What Is Finite Element Method and How do Engineers Use it?
With more than one-third of America’s major roads being in either poor or mediocre condition, engineers have their hands full designing repairs and replacement structures all around the country. Fortunately, there are plenty of ways civil engineer services can be made easier and more effective. One technique engineers use is the finite element method and this article is going to explore this process.
First off, what exactly is the finite element method (FEM)? This numerical technique is used during finite element analysis, which helps engineers understand and predict physical phenomena. So in construction, physical phenomena may be structure or fluid behavior, like floods or ground movement. Essentially, this process can predict how a structure will behave in certain environmental conditions and assess structural or mechanical issues.
Certain aspects of FEM were developed in the 16th century, but mathematicians and engineers didn’t really start researching and fine-tuning the process until the late 1800s and early 1900s. The equations used today have been developed over the years to be more accurate than ever.
Traditional FEM technology has even been expanded and adjusted to form several other types of finite element method. Some of these types include:
- Generalized Finite Element Method
- Mixed Finite Element Method
- Extended Finite Element Method
- hp-Finite Element Method
These variations of the traditional FEM can provide improvements to the solution process and increase the application to even more potential problems engineers may face with during their design process.

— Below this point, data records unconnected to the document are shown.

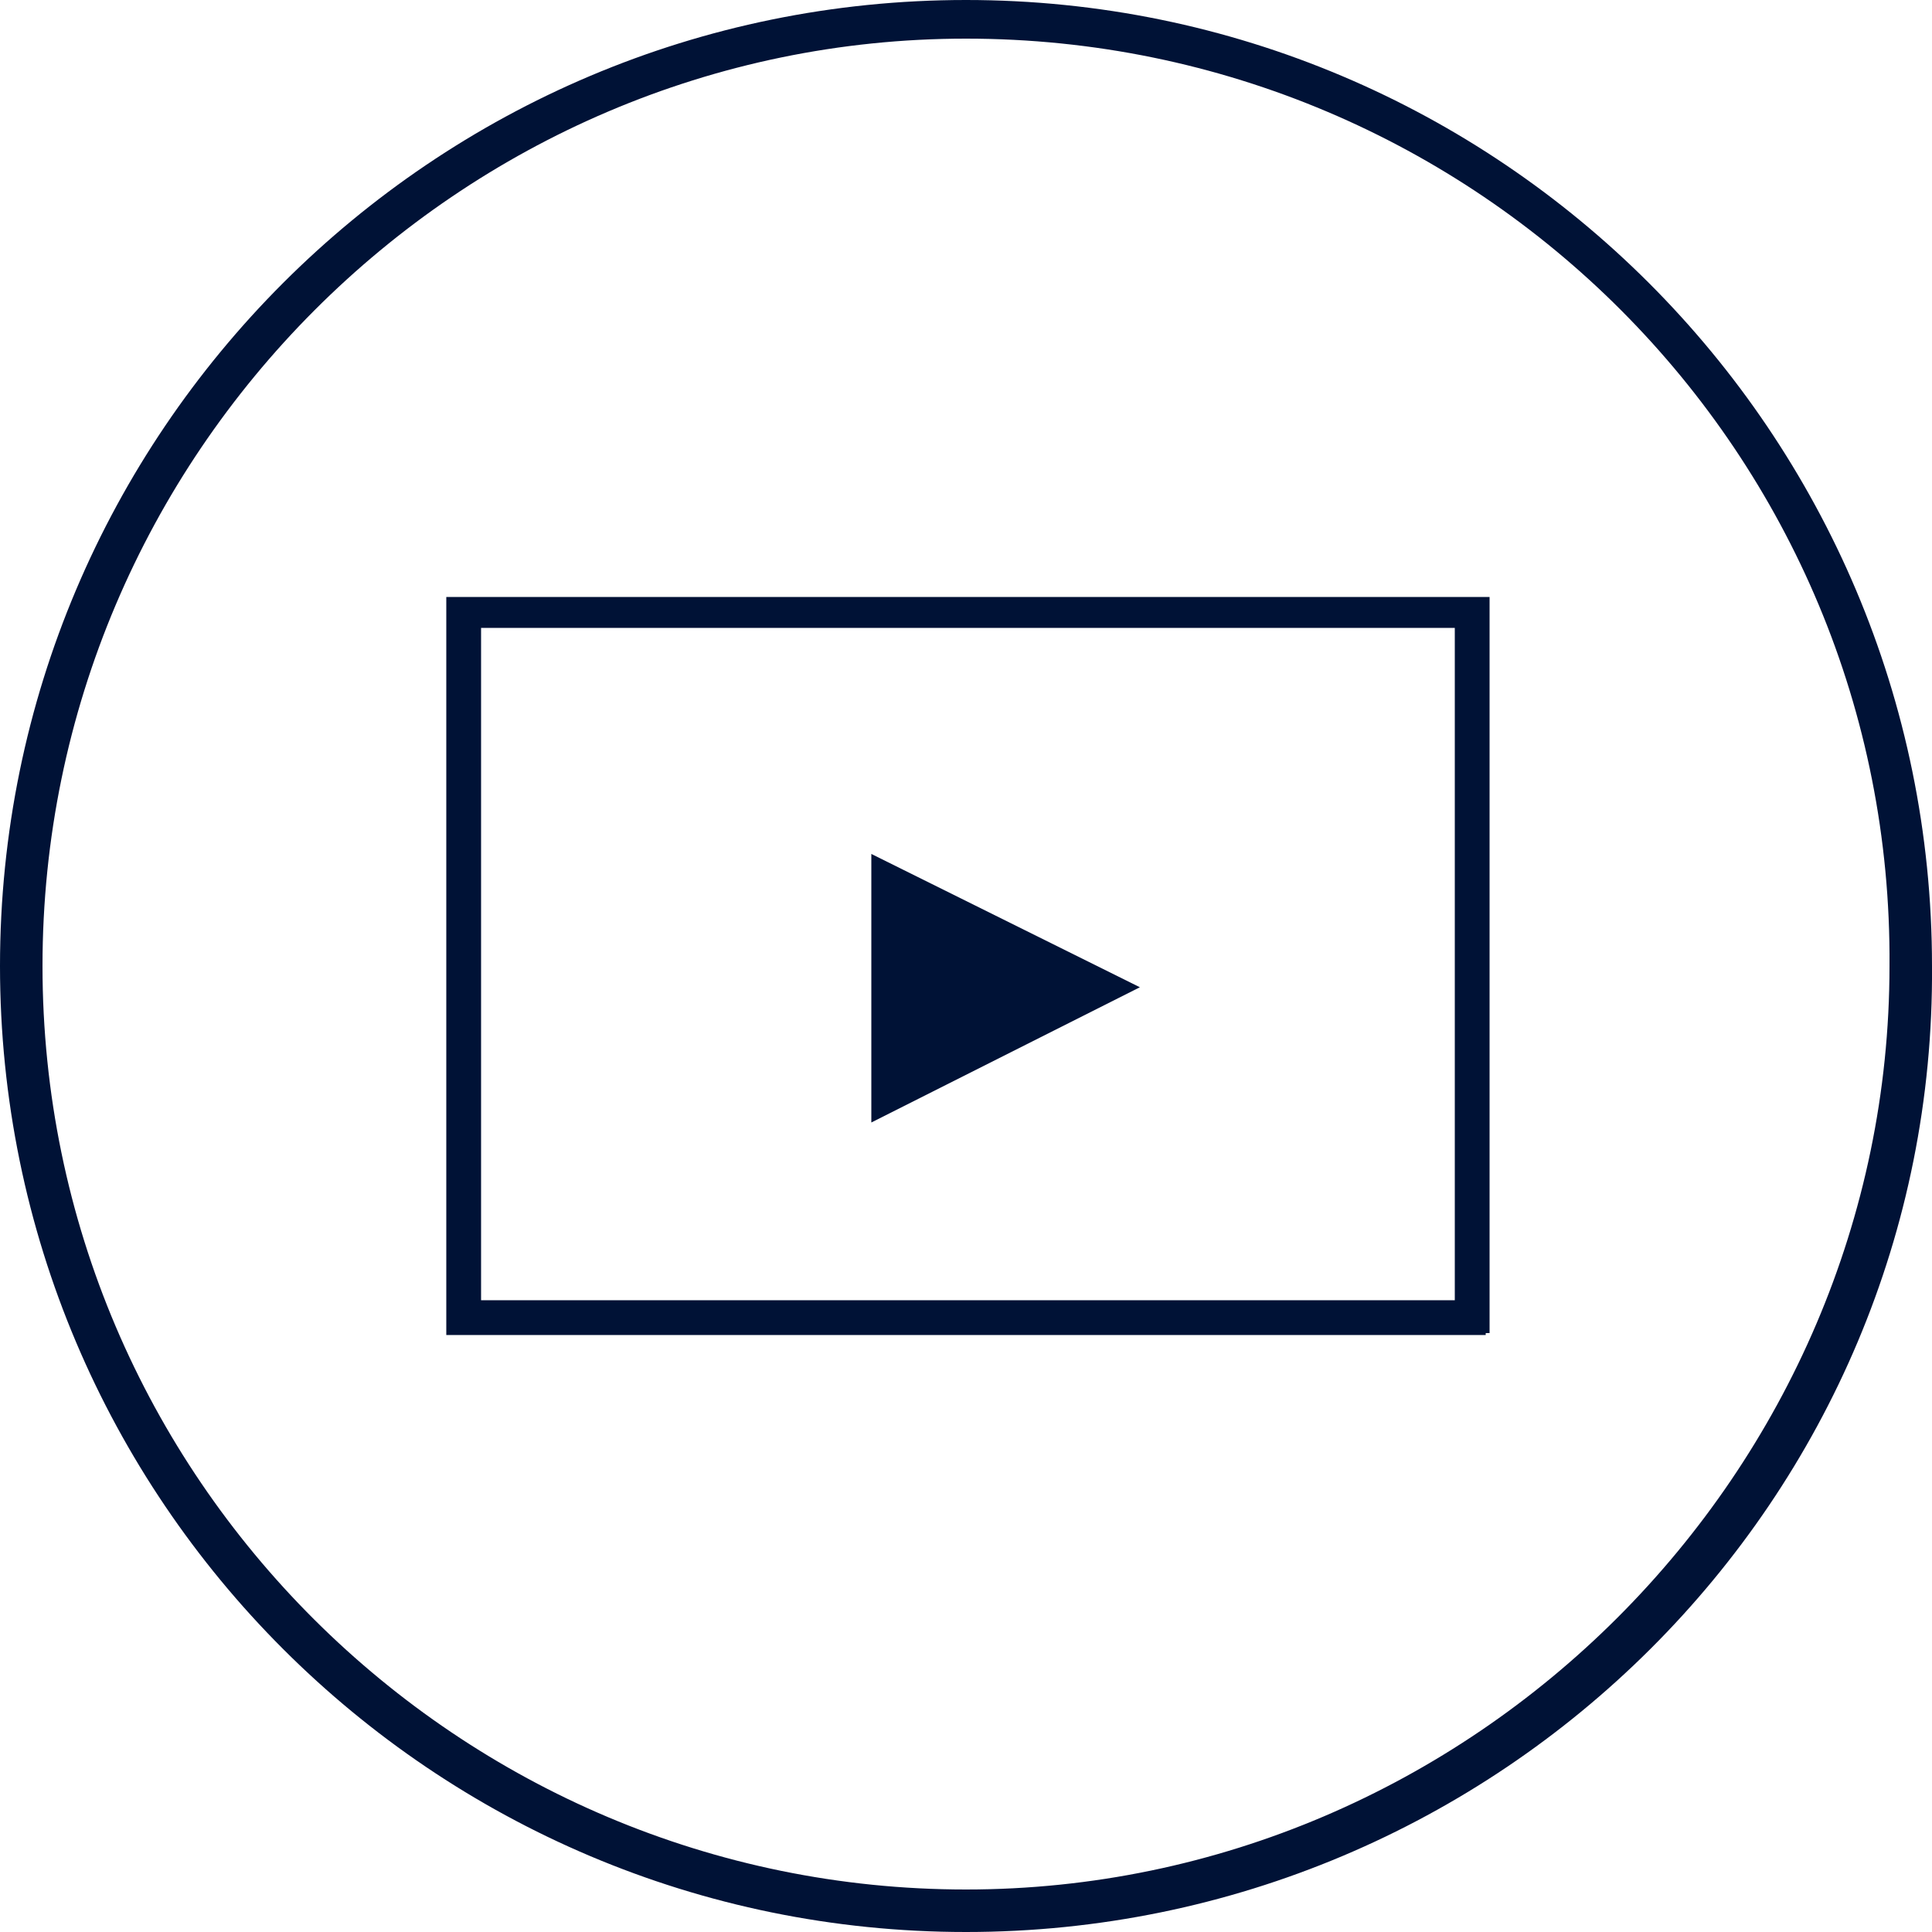 <?xml version="1.0" encoding="utf-8"?>
<!-- Generator: Adobe Illustrator 24.0.1, SVG Export Plug-In . SVG Version: 6.00 Build 0)  -->
<svg version="1.1" id="Layer_1" xmlns="http://www.w3.org/2000/svg" xmlns:xlink="http://www.w3.org/1999/xlink" x="0px" y="0px"
	 viewBox="0 0 100 100" style="enable-background:new 0 0 100 100;" xml:space="preserve">
<style type="text/css">
	.st0{fill:#001236;}
</style>
<g>
	<g>
		<g>
			<path class="st0" d="M50,100C22.4,100,0,77.6,0,50S22.4,0,50,0s50,22.4,50,50C100.2,77.6,77.6,100,50,100z M50,2
				C23.8,2,2.2,23.5,2.2,50S23.8,97.8,50,97.8S97.8,76.2,97.8,50C98,23.5,76.5,2,50,2z"/>
		</g>
	</g>
	<polygon class="st0" points="59,51.1 45.1,44.2 45.1,58.1 	"/>
	<g>
		<g>
			<path class="st0" d="M76.9,69.1H23.1V30.9h54v38.1H76.9z M24.9,67.3h50.4V32.5H24.9V67.3z"/>
		</g>
	</g>
</g>
</svg>

And along with other processes and technology, like lidar surveying and photogrammetry, engineers can accurately predict potential problems with their structural design before the actual construction process begins. This saves time, resources, and certainly money on big projects, like roadways, buildings, and bridges. All in all, FEM can help engineers test a variety of possible outcomes from potential problems, like floods and earthquakes, to ensure their design will hold up properly.
Without the finite element method, building structures and roads may not be as secure as they are today. Today’s engineers use this mathematical technique to make their jobs easier, make their designs more accurate, and make the world’s structures safer and more prepared for potential problems.